WHAT IS EXPECTED:
An exact transcription of every entry is required, with the images left out.

*** DATASET ***

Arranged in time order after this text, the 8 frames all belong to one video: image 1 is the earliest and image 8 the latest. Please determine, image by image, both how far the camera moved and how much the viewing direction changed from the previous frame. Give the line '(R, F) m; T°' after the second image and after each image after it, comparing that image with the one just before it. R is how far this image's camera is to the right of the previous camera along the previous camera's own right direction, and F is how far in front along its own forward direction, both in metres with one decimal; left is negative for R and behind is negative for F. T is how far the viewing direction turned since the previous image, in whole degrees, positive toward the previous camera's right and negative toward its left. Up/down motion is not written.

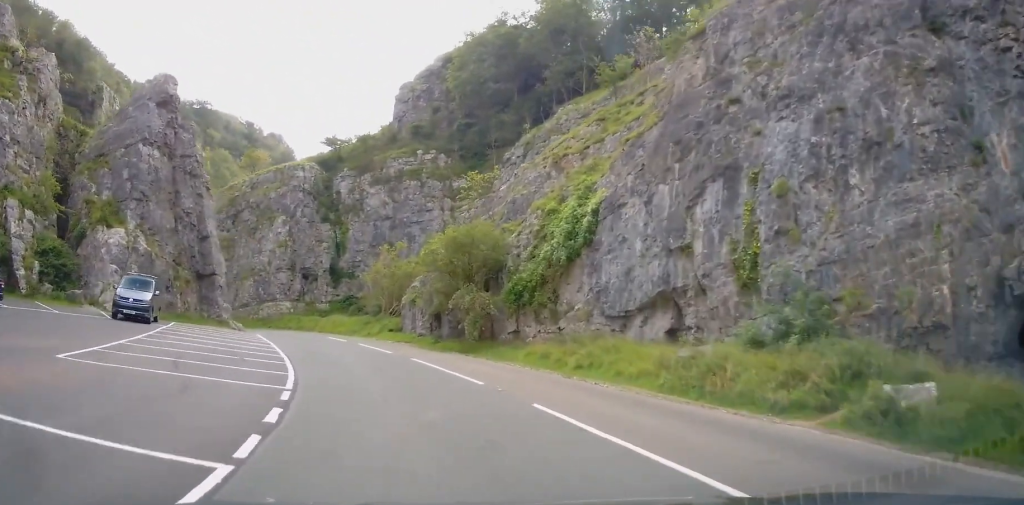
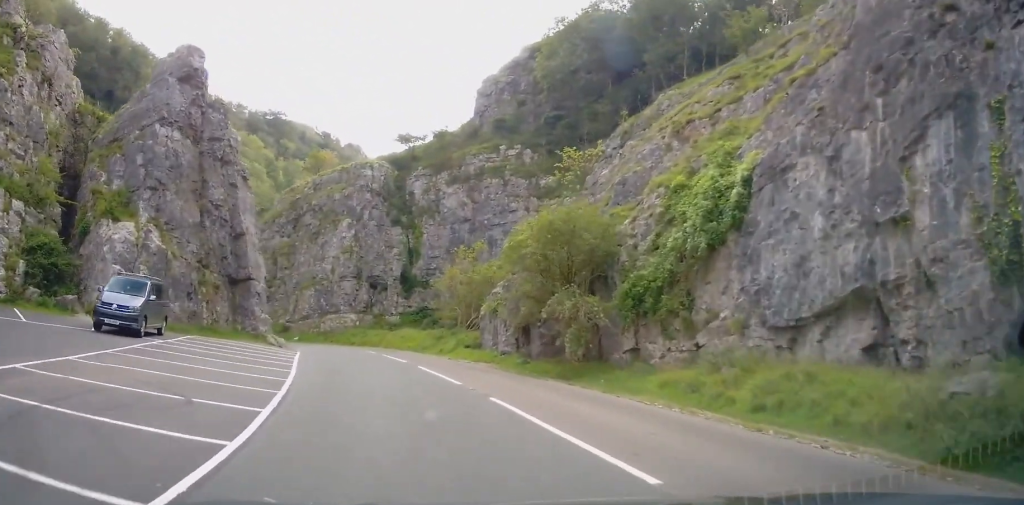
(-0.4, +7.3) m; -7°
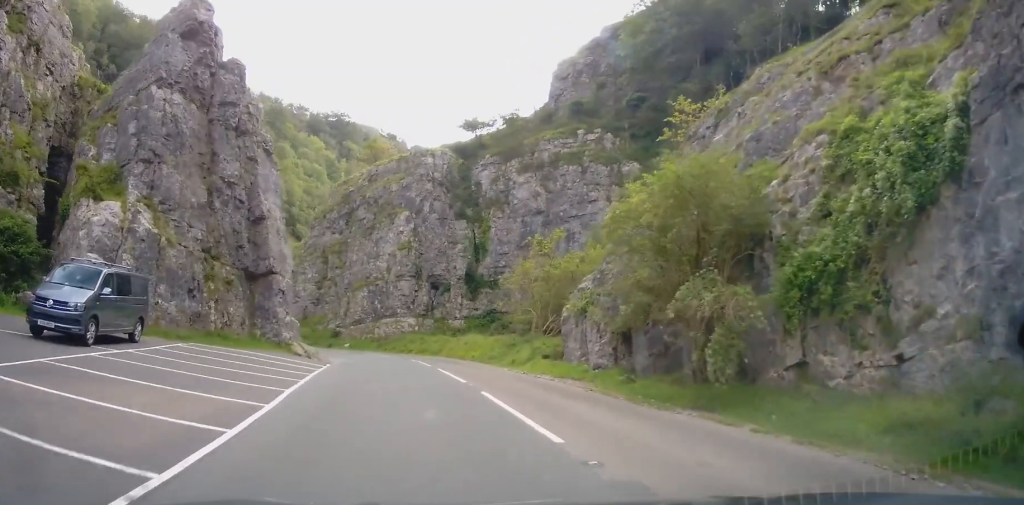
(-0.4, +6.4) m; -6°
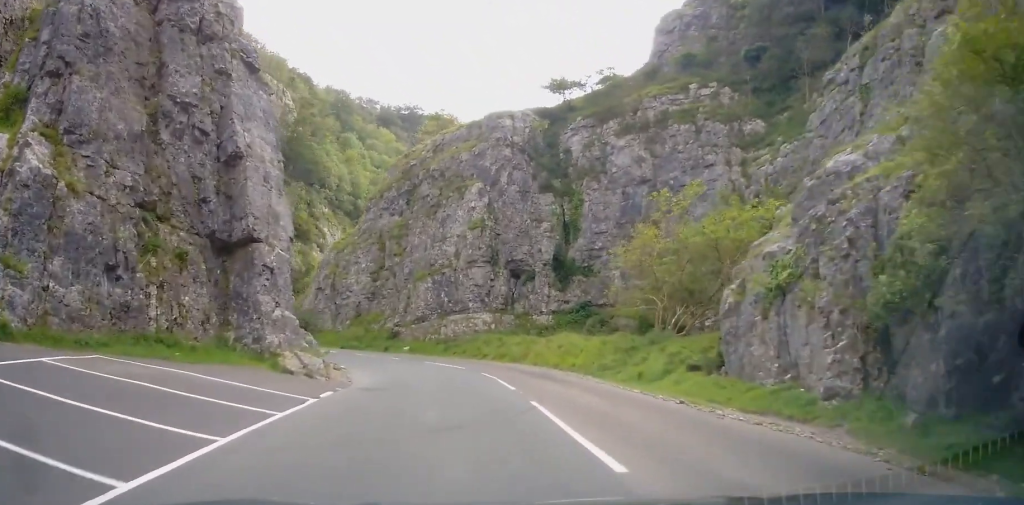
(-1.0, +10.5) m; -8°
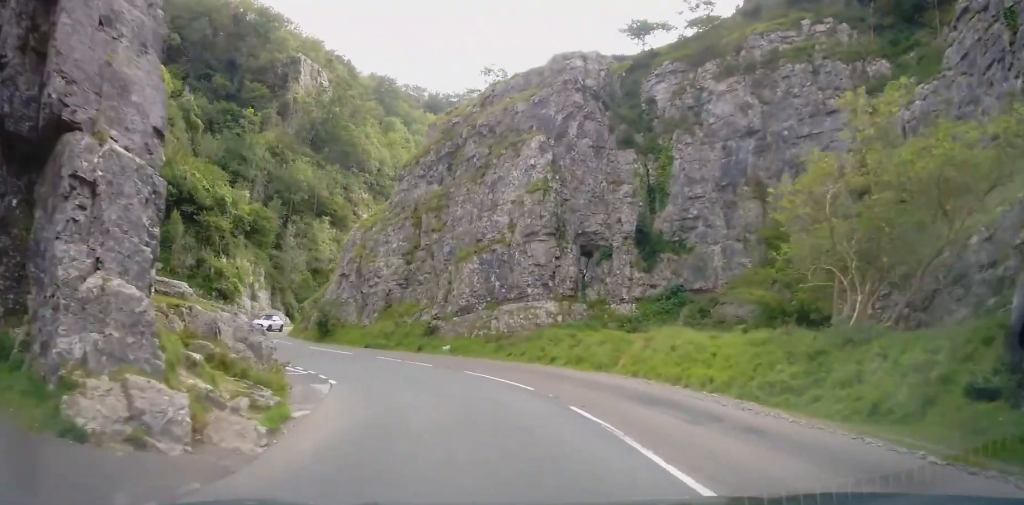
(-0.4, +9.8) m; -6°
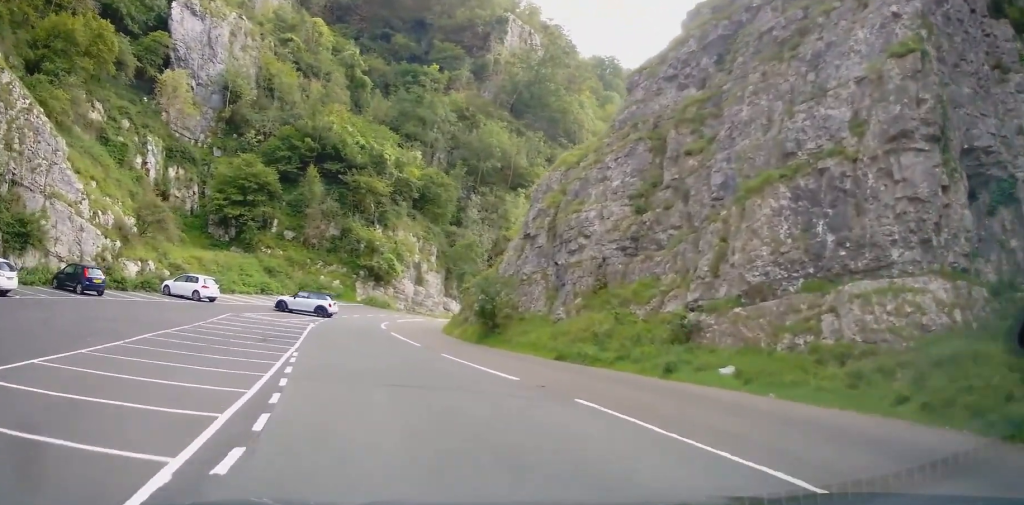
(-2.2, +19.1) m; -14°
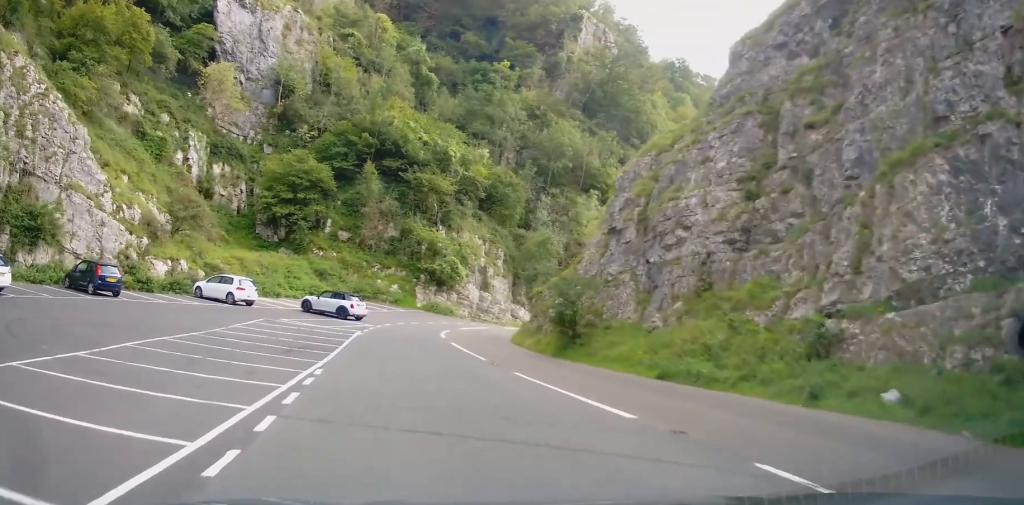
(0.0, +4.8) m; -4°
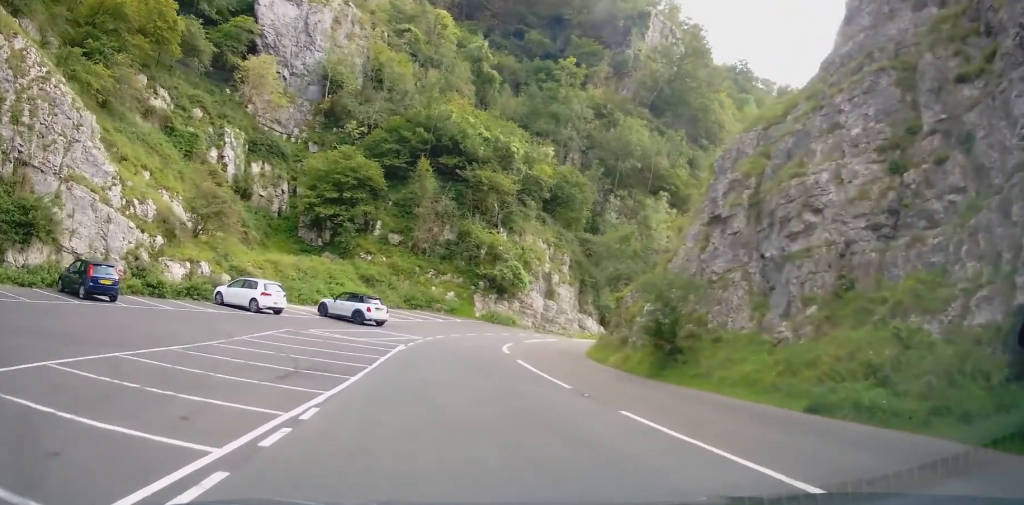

***

RESPONSE:
Arranged in time order after this text, the 8 frames all belong to one video: image 1 is the earliest and image 8 the latest. Please determine, image by image, both how far the camera moved and how much the viewing direction changed from the previous frame. Give the line '(R, F) m; T°' after the second image and after each image after it, comparing that image with the one just before it. R is how far this image's camera is to the right of the previous camera along the previous camera's own right direction, and F is how far in front along its own forward direction, both in metres with one decimal; left is negative for R and behind is negative for F. T is how far the viewing direction turned since the previous image, in whole degrees, positive toward the previous camera's right and negative toward its left. Up/down motion is not written.

(-0.4, +7.3) m; -7°
(-0.4, +6.4) m; -6°
(-1.0, +10.5) m; -8°
(-0.4, +9.8) m; -6°
(-2.2, +19.1) m; -14°
(0.0, +4.8) m; -4°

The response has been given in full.